Several companies have successfully implemented AI agents in their contact centers to streamline customer service and improve customer satisfaction. Here are a few notable examples: 

  • Sephora: The global cosmetics brand uses AI-powered chatbots in its contact center to help customers with product recommendations, order tracking, and inquiries. By integrating AI, Sephora has been able to provide personalized experiences and handle a high volume of customer requests. 

  • Lufthansa: The airline uses AI agents to assist customers with flight bookings, cancellations, and rescheduling. The AI agents can handle complex queries in multiple languages, improving service efficiency and reducing wait times for passengers. 

  • H&M: The fashion retailer uses AI to automate customer service tasks, such as order status checks, returns, and product availability inquiries. The AI agents have significantly reduced customer wait times, leading to higher satisfaction rates. 

These real-world examples demonstrate the potential of AI agents to transform customer service in industries like retail and e-commerce, leading to improved efficiency and customer satisfaction. 
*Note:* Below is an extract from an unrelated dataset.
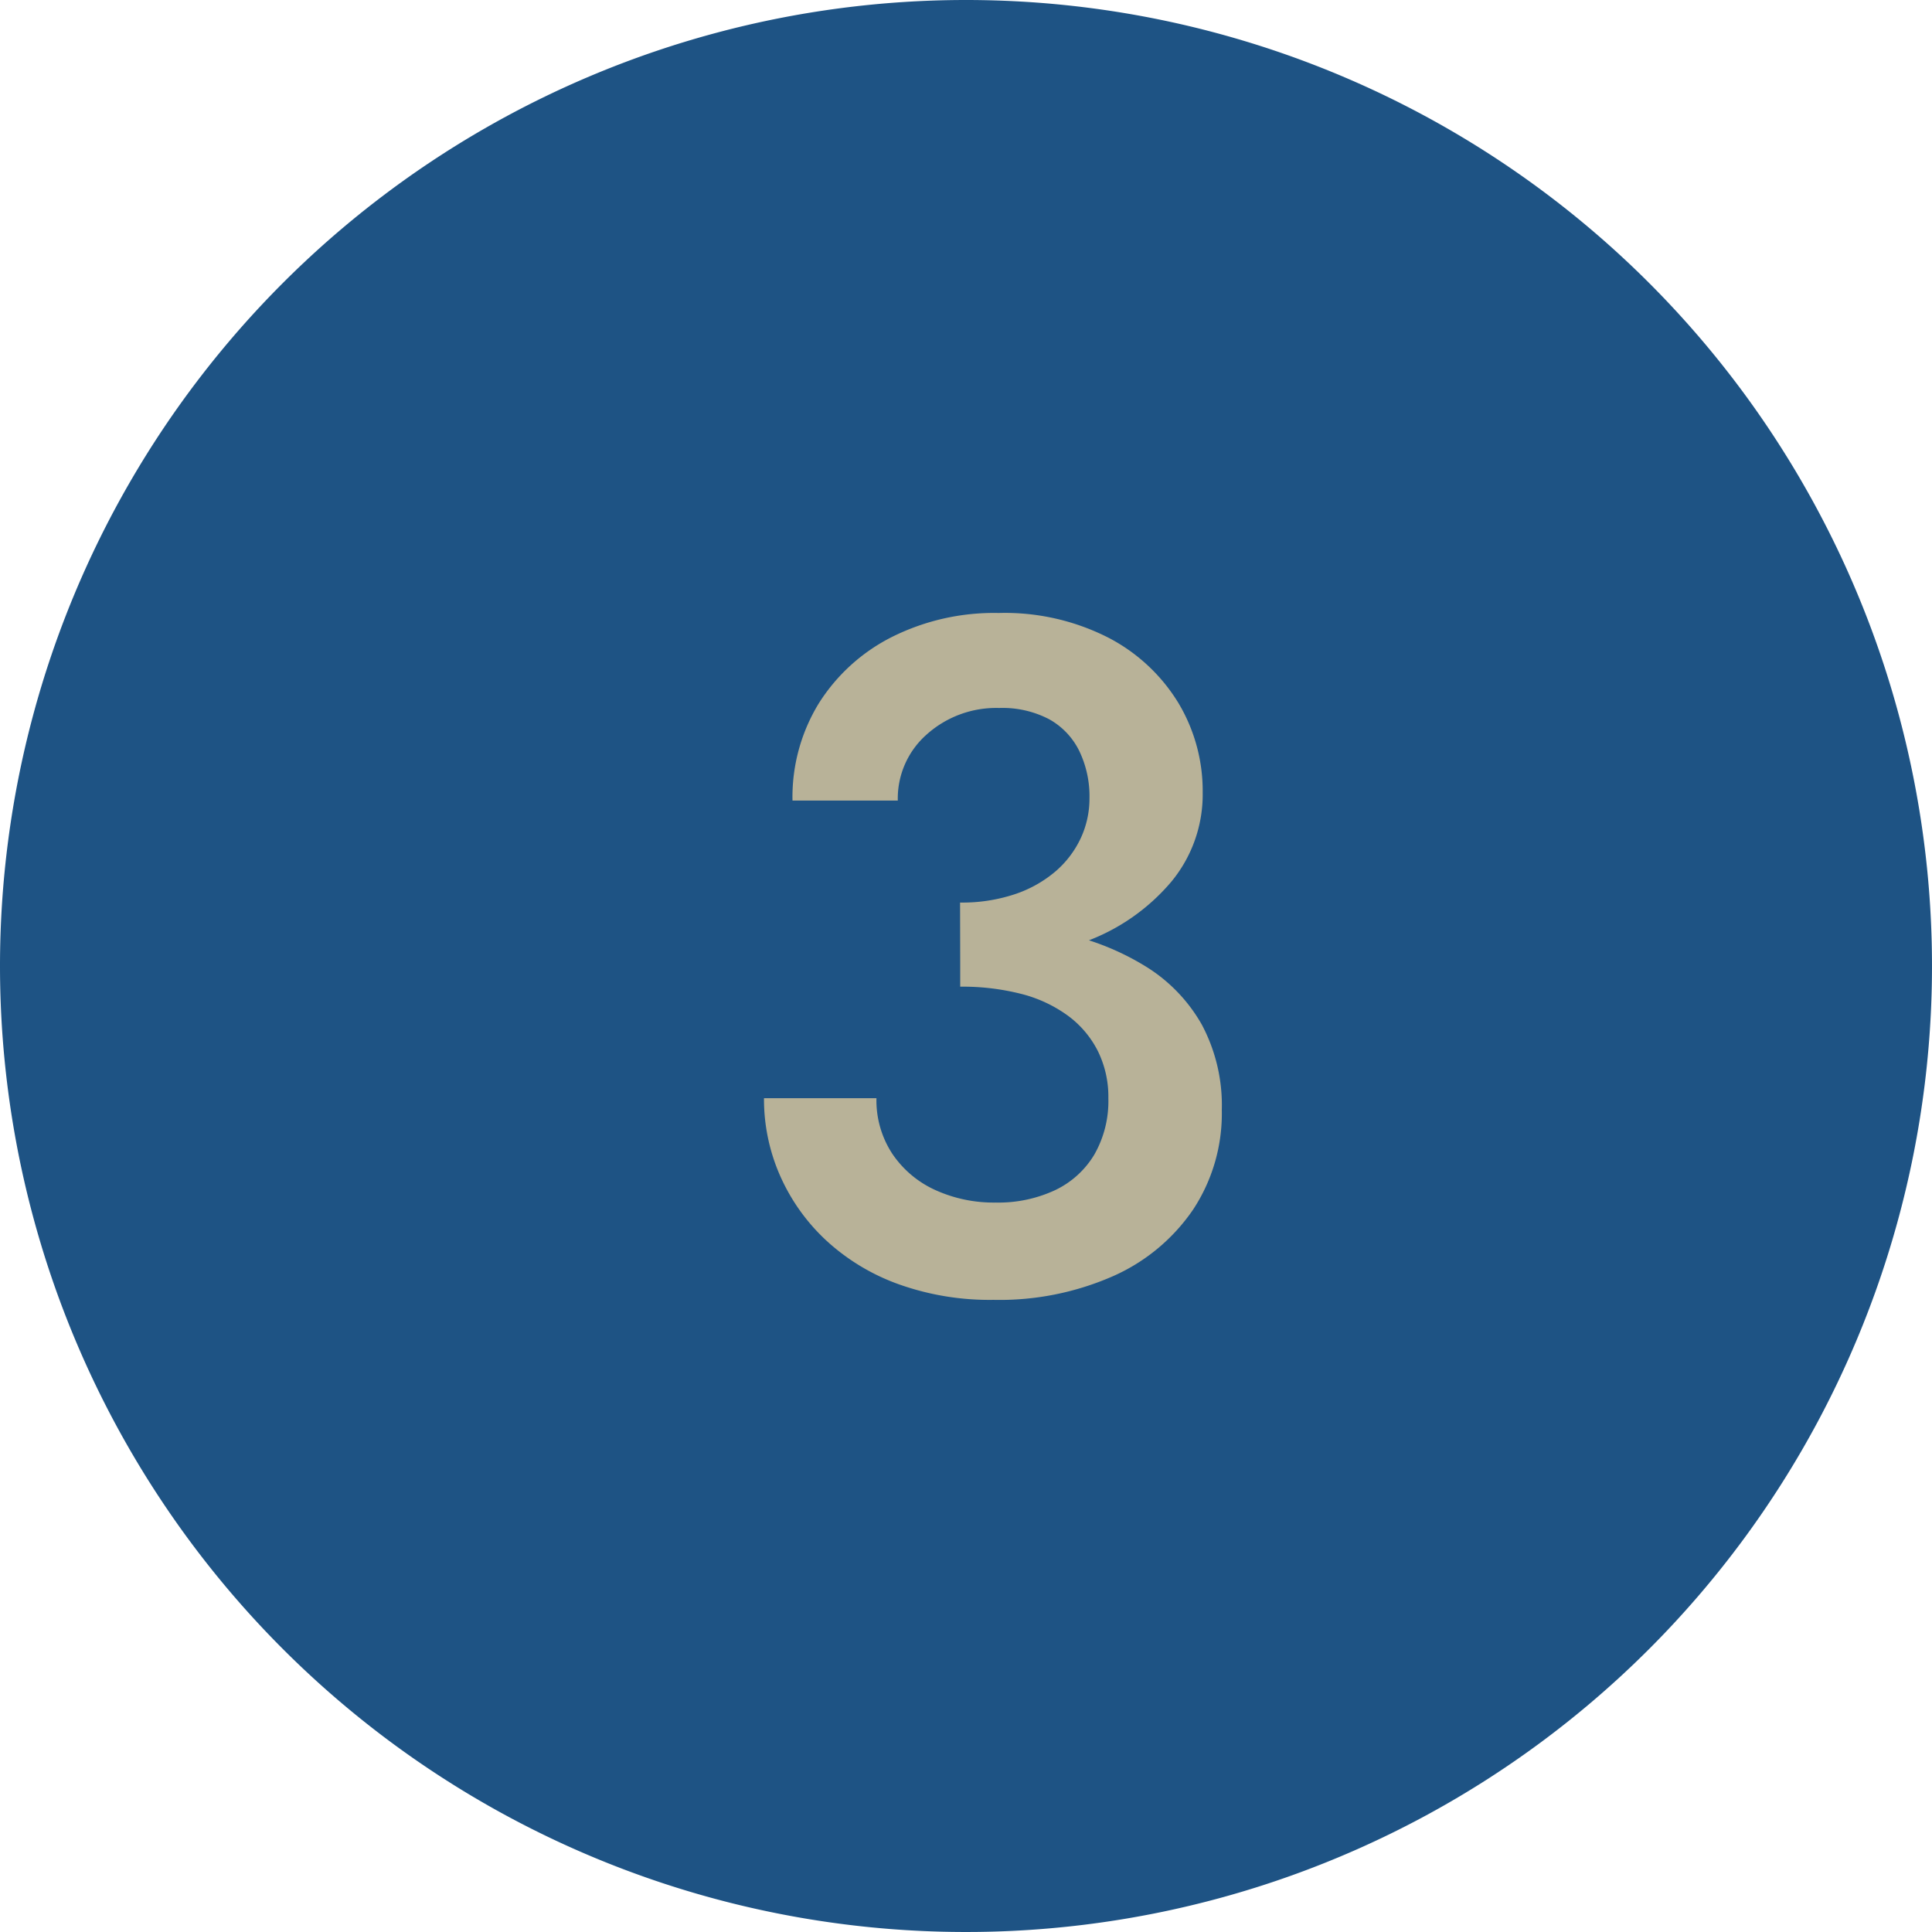 <svg xmlns="http://www.w3.org/2000/svg" width="57" height="57" viewBox="0 0 57 57"><g id="img-no-3" transform="translate(-541 -75.943)"><path id="Path_1797" data-name="Path 1797" d="M28.5,0A28.5,28.5,0,1,1,0,28.5,28.5,28.5,0,0,1,28.5,0Z" transform="translate(541 75.943)" fill="#1e5384"></path><path id="Path_1796" data-name="Path 1796" d="M7.329-9.59a10.092,10.092,0,0,0,3.686-.626,6.021,6.021,0,0,0,2.537-1.764,4.039,4.039,0,0,0,.931-2.635,5.049,5.049,0,0,0-.717-2.646A5.251,5.251,0,0,0,11.7-19.187a6.723,6.723,0,0,0-3.237-.728A6.729,6.729,0,0,0,5.3-19.2a5.443,5.443,0,0,0-2.146,1.956,5.293,5.293,0,0,0-.773,2.863H5.488a2.516,2.516,0,0,1,.861-1.957,3.067,3.067,0,0,1,2.128-.774,2.969,2.969,0,0,1,1.477.332,2.158,2.158,0,0,1,.889.938,3.081,3.081,0,0,1,.3,1.39,2.77,2.77,0,0,1-.262,1.19,2.922,2.922,0,0,1-.756.984,3.619,3.619,0,0,1-1.2.665,4.913,4.913,0,0,1-1.6.241ZM8.309.35a8.315,8.315,0,0,0,3.531-.7A5.594,5.594,0,0,0,14.2-2.313a5.149,5.149,0,0,0,.847-2.937,5.061,5.061,0,0,0-.588-2.517A4.78,4.78,0,0,0,12.81-9.482a7.679,7.679,0,0,0-2.45-.98,13.885,13.885,0,0,0-3.031-.312V-8.89a7.009,7.009,0,0,1,1.8.213,4.006,4.006,0,0,1,1.375.641,2.943,2.943,0,0,1,.885,1.043A3.044,3.044,0,0,1,11.7-5.6a3.178,3.178,0,0,1-.413,1.662,2.693,2.693,0,0,1-1.162,1.053,3.96,3.96,0,0,1-1.75.364,4.158,4.158,0,0,1-1.8-.378A3.04,3.04,0,0,1,5.32-3.969,2.871,2.871,0,0,1,4.858-5.6H1.54a5.6,5.6,0,0,0,.476,2.289,5.8,5.8,0,0,0,1.351,1.9A6.281,6.281,0,0,0,5.491-.119,7.973,7.973,0,0,0,8.309.35Z" transform="translate(562 113.943)" fill="#b8b298"></path></g></svg>

Final Thoughts on Retail and E-Commerce Contact Center

AI agents are transforming retail and e-commerce contact centers by enhancing efficiency and improving customer experiences. By leveraging technologies like natural language processing and omnichannel support, AI agents provide faster, personalized service and address common challenges like long wait times and inconsistent support. They automate repetitive tasks, offer 24/7 availability, and allow human agents to focus on more complex issues. As AI technology continues to evolve, it is shaping a future of customer service that is smarter, more adaptable, and better equipped to meet the growing demands of the retail and e-commerce sectors.